## EXERCISE BRIEF:
What is wanted is the full listing, word for word, without its pictures.

** Opening RECORD EXCERPTS block **

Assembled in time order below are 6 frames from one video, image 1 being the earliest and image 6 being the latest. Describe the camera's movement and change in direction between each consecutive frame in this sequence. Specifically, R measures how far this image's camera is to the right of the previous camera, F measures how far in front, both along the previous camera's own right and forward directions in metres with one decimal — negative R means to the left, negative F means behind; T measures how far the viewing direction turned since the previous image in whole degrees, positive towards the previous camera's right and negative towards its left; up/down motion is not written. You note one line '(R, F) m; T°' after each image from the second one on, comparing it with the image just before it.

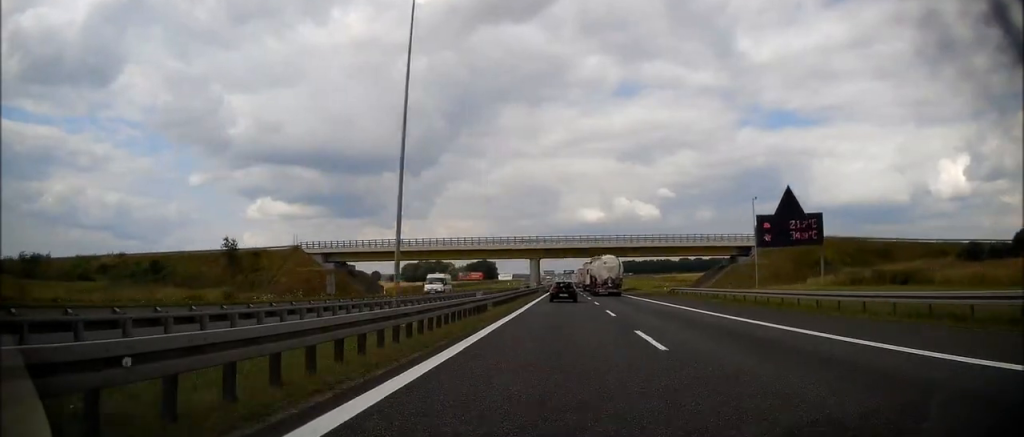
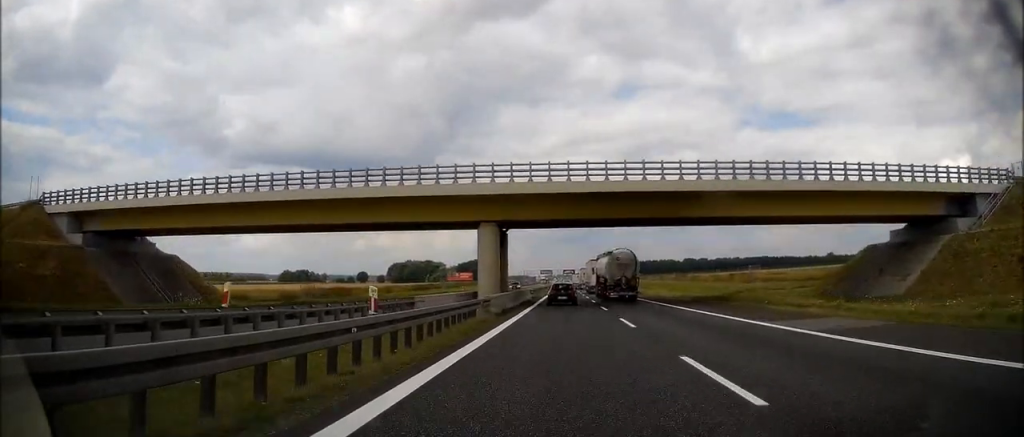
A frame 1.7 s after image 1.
(0.0, +53.1) m; 0°
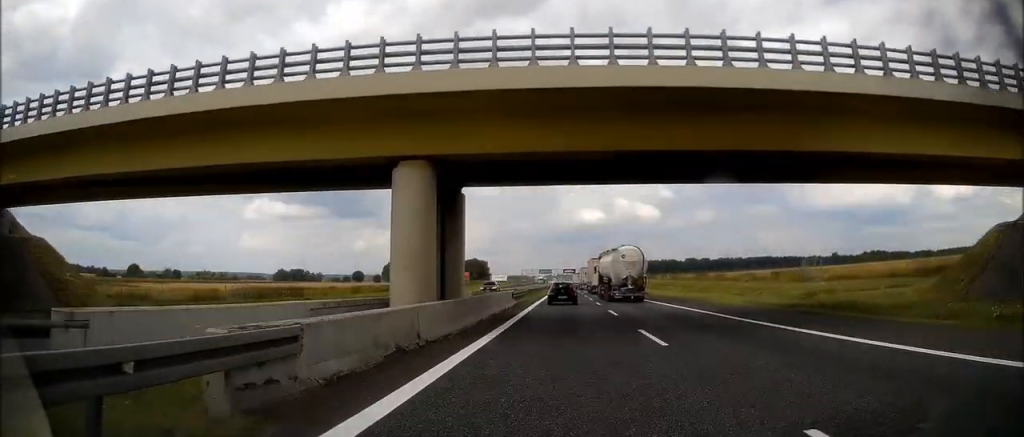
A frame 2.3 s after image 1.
(0.0, +17.5) m; 0°
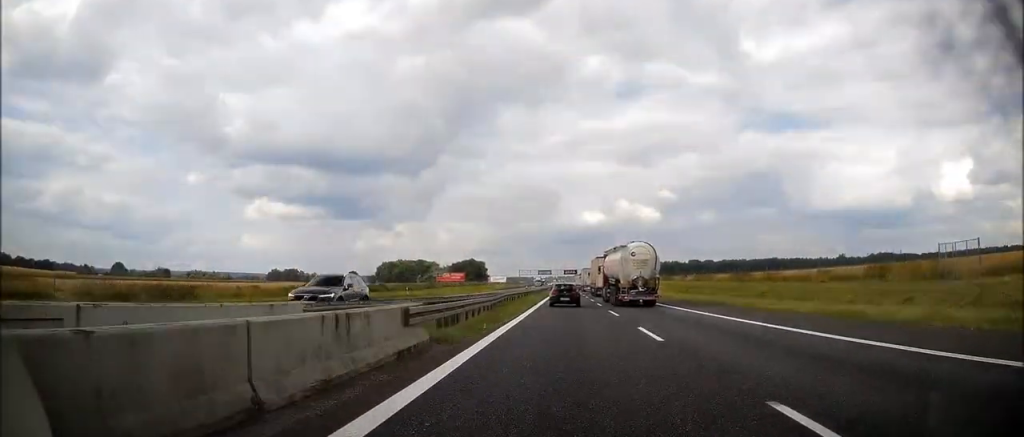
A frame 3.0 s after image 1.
(+0.3, +22.8) m; 0°
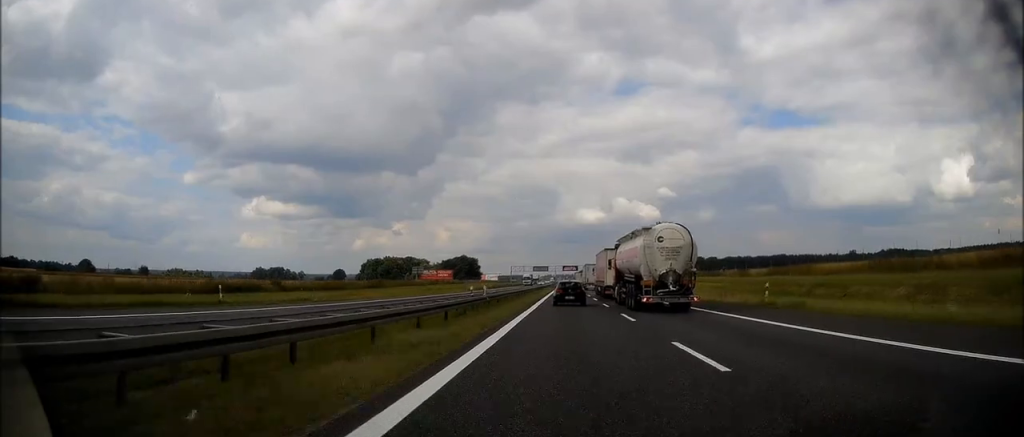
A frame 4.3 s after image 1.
(-0.5, +40.7) m; -1°
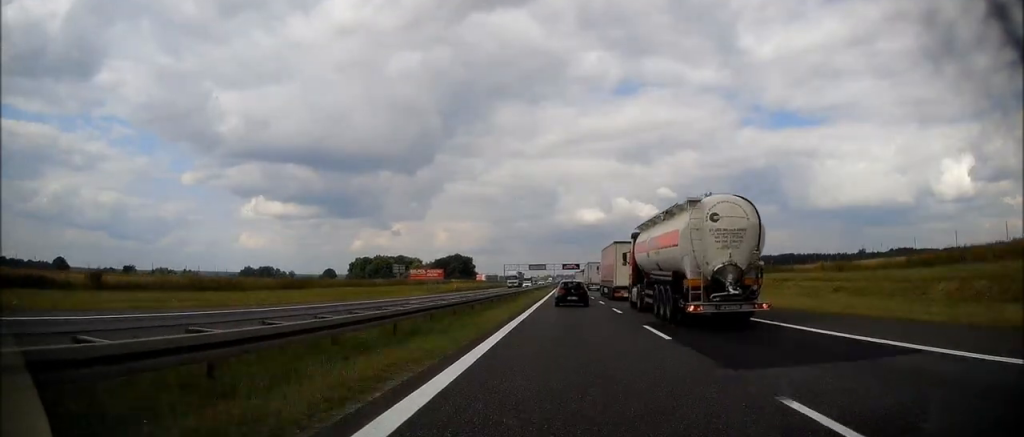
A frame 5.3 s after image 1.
(0.0, +30.3) m; +1°

** Closing RECORD EXCERPTS block **

## EXERCISE SOLUTION:
Assembled in time order below are 6 frames from one video, image 1 being the earliest and image 6 being the latest. Describe the camera's movement and change in direction between each consecutive frame in this sequence. Specifically, R measures how far this image's camera is to the right of the previous camera, F measures how far in front, both along the previous camera's own right and forward directions in metres with one decimal — negative R means to the left, negative F means behind; T measures how far the viewing direction turned since the previous image in whole degrees, positive towards the previous camera's right and negative towards its left; up/down motion is not written. You note one line '(R, F) m; T°' after each image from the second one on, comparing it with the image just before it.

A frame 1.7 s after image 1.
(0.0, +53.1) m; 0°
A frame 2.3 s after image 1.
(0.0, +17.5) m; 0°
A frame 3.0 s after image 1.
(+0.3, +22.8) m; 0°
A frame 4.3 s after image 1.
(-0.5, +40.7) m; -1°
A frame 5.3 s after image 1.
(0.0, +30.3) m; +1°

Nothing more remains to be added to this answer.